To distribute work equitably and empower all workers in decisions in their workplace, in participatory economics each worker does tasks, which, taken together, result in an average desirability and average empowerment among all workers.

Compensation for effort and sacrifice (principle for distribution) 

Albert and Hahnel argue that it is inequitable and ineffective to compensate people on the basis of luck (e.g. skills or talents that owe to their birth or heredity), or by virtue of workers' productivity (as measured by the value of the goods they produce). Therefore, the primary principle of participatory economics is to reward workers for their effort and sacrifice. For example, mining work—which is dangerous and uncomfortable—would be more highly paid than office work for the same amount of time, thus allowing the miner to work fewer hours for the same pay, and the burden of highly dangerous and strenuous jobs to be shared among the populace.

Additionally, participatory economics would provide exemptions from the compensation for effort principle. People with disabilities who are unable to work, children, the elderly, the infirm and workers who are legitimately in transitional circumstances, can be remunerated according to need. However, every able adult has the obligation to perform some socially useful work as a requirement for receiving reward. However, everyone would be entitled to free health care, education, skills training, and the freedom to choose between various democratically structured workplaces with balanced jobs balanced for desirability and empowerment.

The starting point for the income of all workers in a participatory economy is an equal share of the social product. From this point, incomes for personal expenditures and consumption rights for public goods can be expected to diverge by small degrees, reflecting the choices that individuals make in between work and leisure time, and the level of danger and difficulty of a job as judged by their immediate workplace peers.

Allocation of resource

Participatory planning is the allocation mechanism in a participatory economy, and is meant to provide a workable alternative to market competition and centralized planning. The planning procedure is conceived as an iterative process in which, (1) production proposals made by workers councils and (2) consumption proposals made by individuals and their neighborhood councils, are submitted and revised through multiple rounds of pricing updates until the process converges on a feasible plan for the upcoming year.

The process begins when the facilitation board (see below) announces a list of indicative prices for each final consumer good, as well as for each capital good, natural resource, and category of labor that is available to society. These indicative prices are calculated to reflect the estimated opportunity costs for producing various goods and services, and incorporate both social costs and pollution impacts. In response to this list of prices, individuals draft an annual consumption plan for goods/services they wish to consume in the coming year, and also meet in their neighborhood councils to deliberate and democratically arrive at a plan for the consumption of public goods (e.g. obtaining resources to build a public playground). As workers, individuals also meet in their workplaces to determine what outputs they will produce and what inputs they will consume in the production process, as well as how much they would each like to work. Thus, workers and consumers (as well as any federations of workers or consumers) submit their initial requests to the facilitation board, which aggregates this information.
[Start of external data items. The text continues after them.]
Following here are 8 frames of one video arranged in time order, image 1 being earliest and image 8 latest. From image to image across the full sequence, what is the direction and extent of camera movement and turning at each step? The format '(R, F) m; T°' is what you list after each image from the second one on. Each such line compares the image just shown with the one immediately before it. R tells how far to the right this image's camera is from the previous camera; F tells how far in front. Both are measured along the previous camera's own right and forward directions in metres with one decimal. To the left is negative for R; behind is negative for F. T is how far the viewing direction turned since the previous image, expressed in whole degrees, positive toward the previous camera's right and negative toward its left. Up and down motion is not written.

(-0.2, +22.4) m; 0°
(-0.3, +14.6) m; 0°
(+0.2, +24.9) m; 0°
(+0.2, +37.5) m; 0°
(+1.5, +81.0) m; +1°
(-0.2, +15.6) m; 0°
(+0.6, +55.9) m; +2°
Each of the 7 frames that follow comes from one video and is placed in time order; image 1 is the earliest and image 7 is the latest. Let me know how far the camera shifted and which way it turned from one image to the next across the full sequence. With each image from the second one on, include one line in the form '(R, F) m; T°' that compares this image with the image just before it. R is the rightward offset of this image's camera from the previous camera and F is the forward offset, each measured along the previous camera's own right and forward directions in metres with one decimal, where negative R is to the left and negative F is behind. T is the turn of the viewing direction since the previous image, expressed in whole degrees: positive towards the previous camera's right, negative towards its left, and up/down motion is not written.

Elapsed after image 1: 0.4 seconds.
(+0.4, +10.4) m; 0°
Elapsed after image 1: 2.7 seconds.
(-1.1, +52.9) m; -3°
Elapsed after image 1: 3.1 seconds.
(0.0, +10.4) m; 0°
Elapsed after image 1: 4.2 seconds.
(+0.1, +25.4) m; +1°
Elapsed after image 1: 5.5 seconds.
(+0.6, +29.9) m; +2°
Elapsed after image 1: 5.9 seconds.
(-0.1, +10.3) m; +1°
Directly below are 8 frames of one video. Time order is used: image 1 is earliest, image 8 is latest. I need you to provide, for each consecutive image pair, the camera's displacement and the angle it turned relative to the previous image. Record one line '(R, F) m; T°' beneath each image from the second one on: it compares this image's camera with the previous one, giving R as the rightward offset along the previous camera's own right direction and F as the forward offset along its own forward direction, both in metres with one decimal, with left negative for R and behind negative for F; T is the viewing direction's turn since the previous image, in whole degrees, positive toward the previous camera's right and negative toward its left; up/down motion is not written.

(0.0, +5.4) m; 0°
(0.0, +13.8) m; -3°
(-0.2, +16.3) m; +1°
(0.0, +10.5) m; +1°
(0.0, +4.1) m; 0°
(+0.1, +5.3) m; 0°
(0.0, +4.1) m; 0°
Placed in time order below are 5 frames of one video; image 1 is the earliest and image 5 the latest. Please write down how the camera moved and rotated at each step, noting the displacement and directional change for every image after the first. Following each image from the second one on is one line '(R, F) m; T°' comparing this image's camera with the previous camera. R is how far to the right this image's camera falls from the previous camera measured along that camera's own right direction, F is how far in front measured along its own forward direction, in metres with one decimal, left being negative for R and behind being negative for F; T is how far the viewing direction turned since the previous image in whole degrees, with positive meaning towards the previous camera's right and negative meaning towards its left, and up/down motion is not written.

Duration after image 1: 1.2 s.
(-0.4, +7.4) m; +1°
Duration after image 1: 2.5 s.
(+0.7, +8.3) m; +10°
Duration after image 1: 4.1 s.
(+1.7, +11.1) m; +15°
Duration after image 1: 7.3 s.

Because the conclusion of the first round of this process will almost certainly not be a workable plan, the facilitation board proceeds to update the list of indicative prices for each good up or down, in proportion to the excess demand and supply for each, so that the updated prices reflect a more accurate estimate of the social opportunity costs of each item. The announcement of updated indicative prices then initiates the second round of the planning process, in which consumers and workers revise and resubmit their proposals in light of the new information. In particular, consumption proposals in which the individual's proposed effort rating does not warrant the proposed level of consumption will need to be adjusted, so that the individual will either have to reduce his/her consumption requests, shift them to less costly products, or increase his/her projected work-hours for the coming year. Other consumers may discover that their initial proposals were too modest, and can revise their consumption upwards, if they choose, or they can revise their projected effort rating downwards by proposing to work fewer hours and increasing leisure time.

Production proposals are also summarized and evaluated on a quantitative basis, in this case by the ratio of social benefits to social costs. (The social benefit part of the ratio is calculated by multiplying the proposed quantity of outputs from a workplace by their indicative prices, adding negative prices for any proposed pollution emissions and summing. The social costs are calculated by multiplying the quantity of requested inputs by their indicative prices and summing.) Proposals with a benefits-to-cost ratio below one will need to make adjustments in order to gain approval in the next round, either by switching to a less polluting technology, producing a more socially desirable set of outputs, or using less costly inputs.

After receiving the revised proposals, the facilitation board once again updates the list of indicative prices. After several rounds of this revision and resubmission process, the result is convergence to a feasible plan in which workers and consumers are able to accomplish the activities that they detailed in their final submissions. Even after a feasible plan is achieved, flexible mid-year revisions of consumer/worker proposals can also be incorporated into the planning process.

In academic work, Albert and Hahnel prove that participatory planning arrives at a Pareto optimum, and does so under less restrictive assumptions than markets; that is, participatory planning is Pareto optimal even though it incorporates both public goods and externalities, whereas markets do not achieve Pareto optimality with these two assumptions.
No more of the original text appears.